Immunotherapy has revolutionized the treatment of cancer, but many tumors still escape immune surveillance through various mechanisms, leading to treatment failure. The tumor microenvironment (TME) is a complex ecosystem where tumor cells interact closely with immune cells, and the abnormal crosstalk between them is a key driver of tumor immune escape. On April 3, 2026, the team led by Professor Zhang Chengcheng from the University of Texas Southwestern Medical Center published a landmark study in Science Immunology, a subjournal of Science, revealing a novel immune escape mechanism: tumor cells hijack the immune system by using their own adhesion proteins, forming a "conspiracy" with immune cells to promote tumor progression. This study identifies a new therapeutic target and provides a potential biomarker for cancer immunotherapy, with profound implications for improving the efficacy of clinical treatment.
The research focuses on claudins (CLDNs), a family of tight junction proteins that are normally expressed on epithelial and endothelial cells, playing a key role in maintaining cell integrity and barrier function. However, in cancer cells, the expression of CLDNs is dysregulated, and their specific role in tumor immune escape has long remained unclear. Professor Zhang Chengcheng’s team conducted systematic screening and functional verification, and for the first time identified that CLDNs are novel functional ligands for leukocyte immunoglobulin-like receptor subfamily B (LILRB2 and LILRB5).
LILRB2, a member of the LILRB family, is an inhibitory receptor expressed on myeloid cells, including macrophages, monocytes, and myeloid-derived suppressor cells (MDSCs). It contains an immunoreceptor tyrosine-based inhibitory motif (ITIM) in its intracellular domain; when bound to its ligand, it recruits phosphatases such as SHP-1 and SHP-2 to inhibit immune activation, making it a promising "myeloid immune checkpoint". The team’s experiments confirmed that CLDNs, especially CLDN18.2 (abnormally expressed in gastric cancer, pancreatic cancer, and biliary tract cancer), can specifically bind to LILRB2 and LILRB5, triggering bidirectional signal transduction in the TME.
In both syngeneic LILRB2 transgenic mouse models and humanized mouse models, the interaction between CLDN18.2 and LILRB2 significantly enhanced the immunosuppressive activity of myeloid cells. Specifically, this binding activated the NF-κB and STAT signaling pathways in myeloid cells, promoting the secretion of immunosuppressive factors such as IL-10 and TGF-β, while inhibiting the production of pro-inflammatory cytokines. As a result, the anti-tumor activity of T cells and natural killer (NK) cells was suppressed, and tumor progression was accelerated. Importantly, blocking LILRB2 effectively reversed these immunosuppressive effects, restoring the anti-tumor immune response and inhibiting tumor growth.

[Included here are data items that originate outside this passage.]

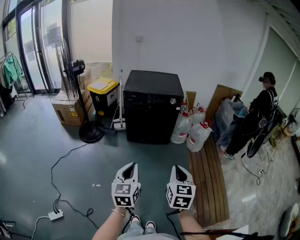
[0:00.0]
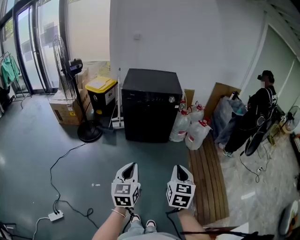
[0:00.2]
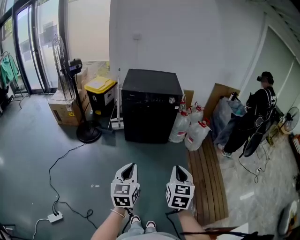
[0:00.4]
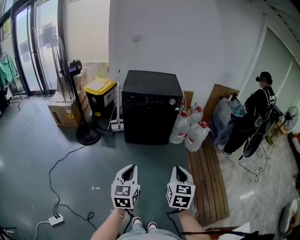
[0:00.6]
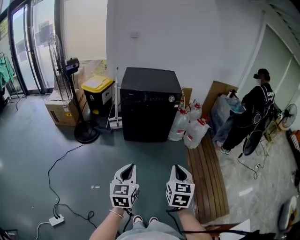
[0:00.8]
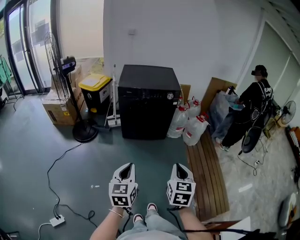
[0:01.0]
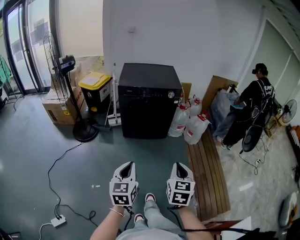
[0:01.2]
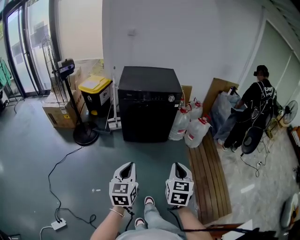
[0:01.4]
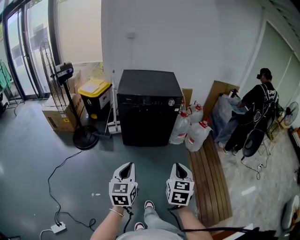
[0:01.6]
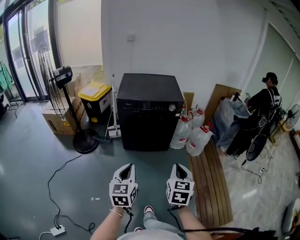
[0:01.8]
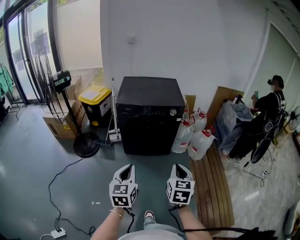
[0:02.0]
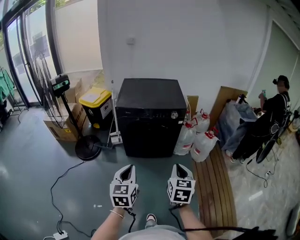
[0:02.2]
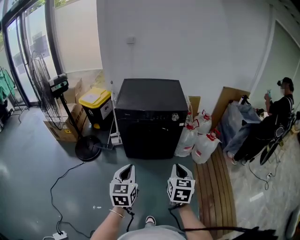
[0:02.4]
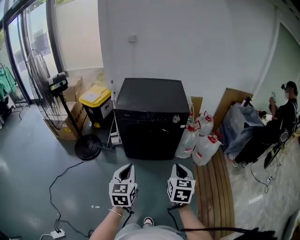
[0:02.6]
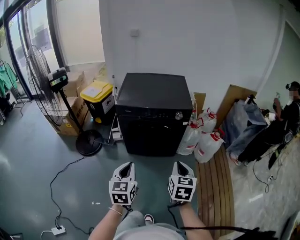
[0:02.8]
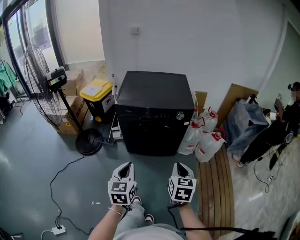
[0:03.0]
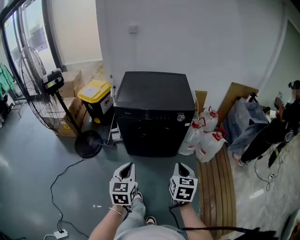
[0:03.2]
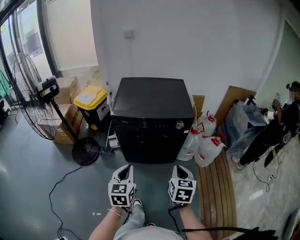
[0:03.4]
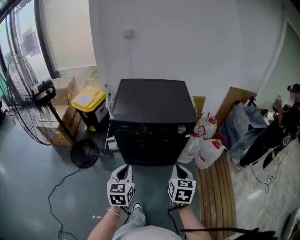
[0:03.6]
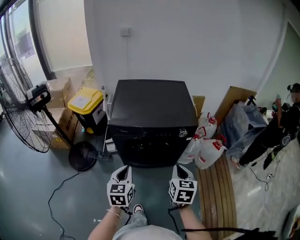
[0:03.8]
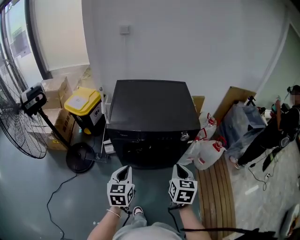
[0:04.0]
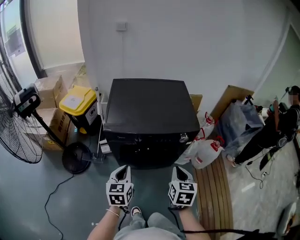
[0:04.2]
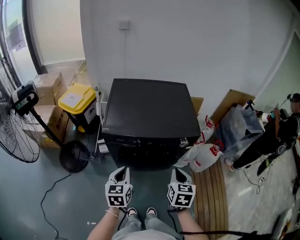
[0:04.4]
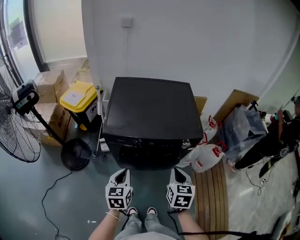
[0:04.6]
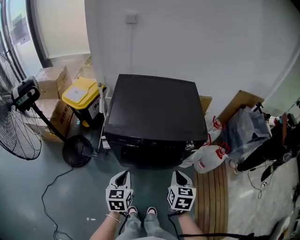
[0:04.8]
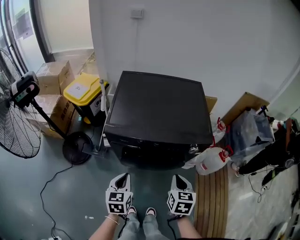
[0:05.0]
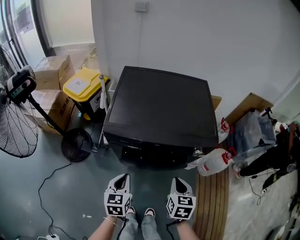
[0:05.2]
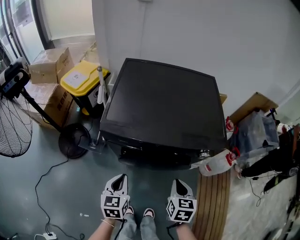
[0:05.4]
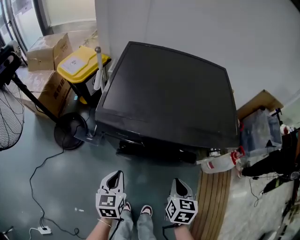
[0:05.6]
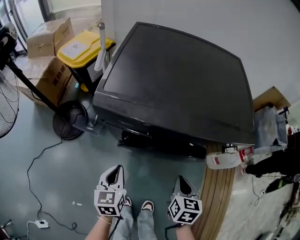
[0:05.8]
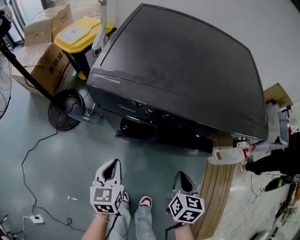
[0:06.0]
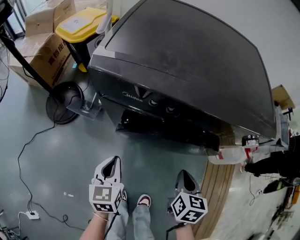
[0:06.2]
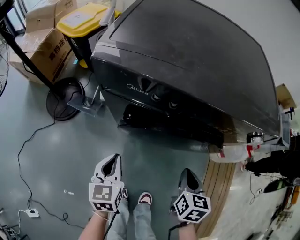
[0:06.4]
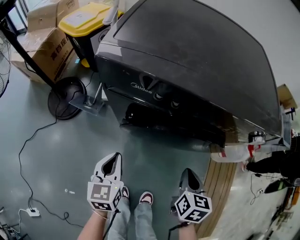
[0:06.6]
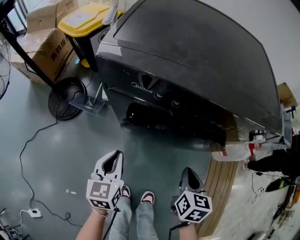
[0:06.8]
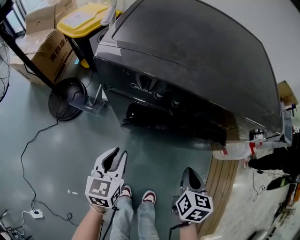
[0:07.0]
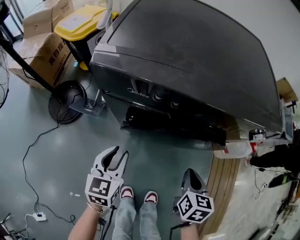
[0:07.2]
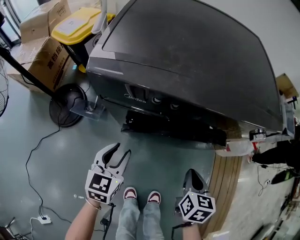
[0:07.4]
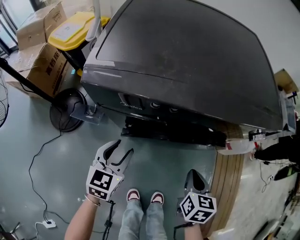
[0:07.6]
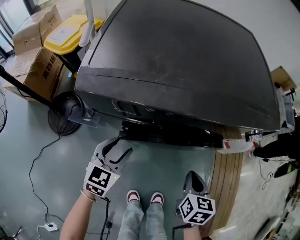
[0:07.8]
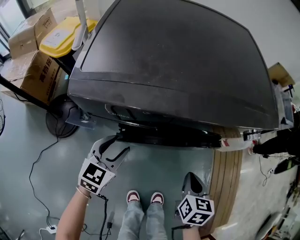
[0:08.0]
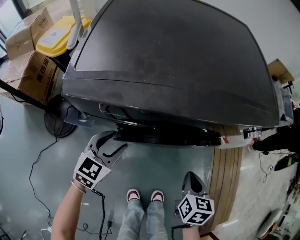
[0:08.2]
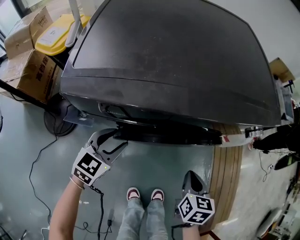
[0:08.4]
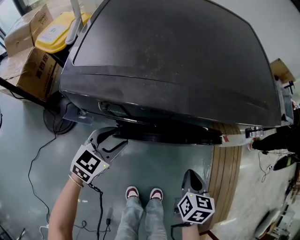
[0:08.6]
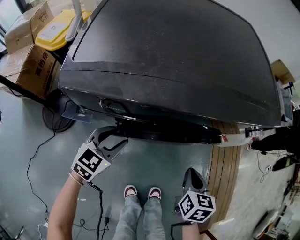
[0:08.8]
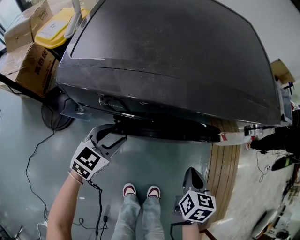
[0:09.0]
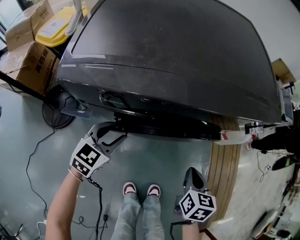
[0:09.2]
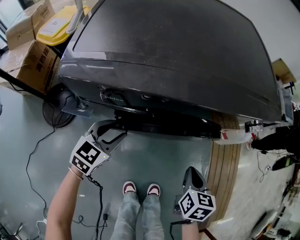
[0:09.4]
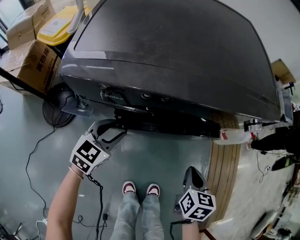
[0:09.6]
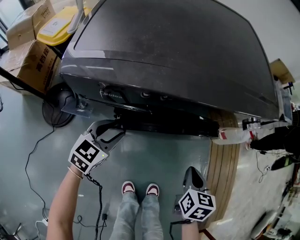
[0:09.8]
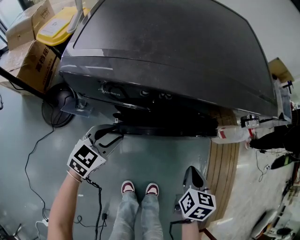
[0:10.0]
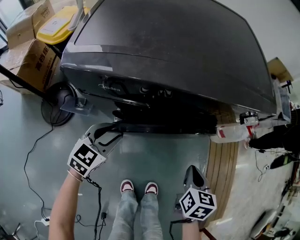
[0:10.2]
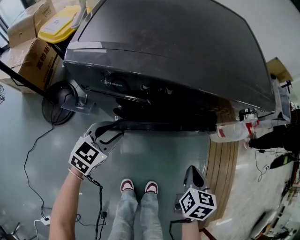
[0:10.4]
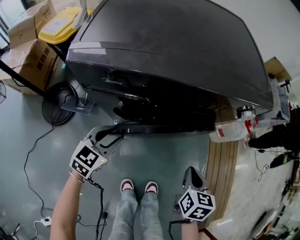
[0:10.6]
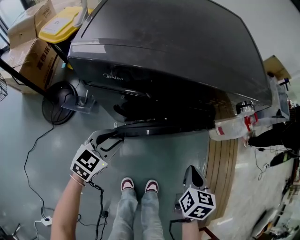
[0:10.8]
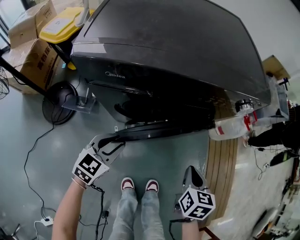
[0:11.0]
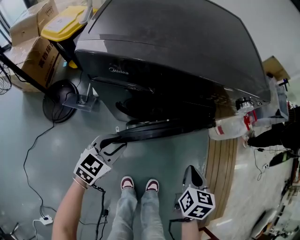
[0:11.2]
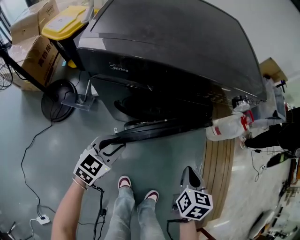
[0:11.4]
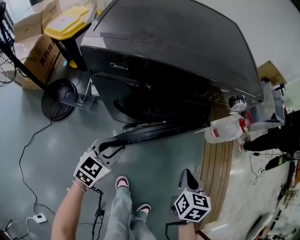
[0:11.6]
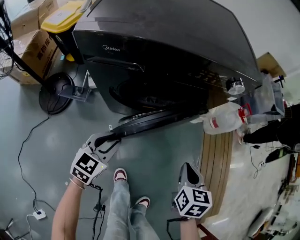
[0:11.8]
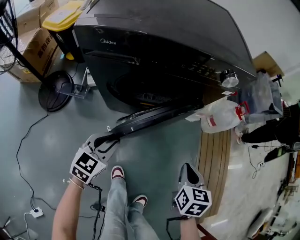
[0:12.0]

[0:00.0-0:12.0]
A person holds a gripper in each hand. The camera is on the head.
0:00.0 to 0:01.6: The right gripper goes roughly 10 cm forward; the left gripper heads forward and to the left, covering about 10 cm.
0:01.6 to 0:03.0: Both grippers move forward, roughly 25 cm.
0:03.0 to 0:04.4: The grippers both shift forward by approximately 25 cm.
0:04.4 to 0:06.0: Both grippers travel together downward, roughly 30 cm.
0:06.0 to 0:07.6: The left gripper shifts about 5 cm forward, changes its angle by approximately 30 degrees, and opens its fingers.
0:07.6 to 0:09.0: The left gripper moves roughly 5 cm.
0:09.0 to 0:10.4: The grippers move only a little.
0:10.4 to 0:12.0: The grippers both shift backward and to the right by about 15 cm.

To verify the clinical relevance of this pathway, the researchers analyzed five human cancer cohorts and found that the spatial proximity between LILRB2-positive macrophages and CLDN-expressing cancer cells was closely associated with poor clinical outcomes. This finding suggests that the CLDN-LILRB axis can serve as a potential predictive biomarker for patient response to myeloid checkpoint blockade therapy, helping to screen patients who may benefit from targeted treatment.
Previous studies on tumor immune escape have mainly focused on T cell checkpoints such as PD-1/PD-L1, but many patients still do not respond to T cell checkpoint inhibitors, indicating the existence of other unrecognized immune escape mechanisms. Myeloid cells are the most abundant immune cells in the TME, and their transformation into immunosuppressive cells is a key obstacle to anti-tumor immunity. This study reveals the regulatory role of CLDNs in myeloid cell function, supplementing the understanding of tumor immune escape mechanisms centered on myeloid cells.
Professor Zhang Chengcheng pointed out that the CLDN-LILRB axis provides a new target for cancer immunotherapy. Currently, several clinical trials targeting LILRB receptors are underway, and this study suggests that combining LILRB2 blockers with CLDN-targeted therapies may achieve better therapeutic effects, especially for tumors with high CLDN expression. In addition, the spatial relationship between LILRB2-positive macrophages and CLDN-expressing tumor cells can be used as a biomarker to guide personalized immunotherapy.
In conclusion, this study by Zhang Chengcheng’s team uncovers a new pathway by which tumor cells hijack the immune system through their own adhesion proteins (CLDNs), revealing the "conspiracy" between tumor cells and myeloid cells in the TME. It not only enriches the theoretical system of tumor immune escape but also provides new ideas and targets for improving the efficacy of cancer immunotherapy. As research in this field progresses, it is expected that targeted therapies against the CLDN-LILRB axis will bring new hope to more cancer patients.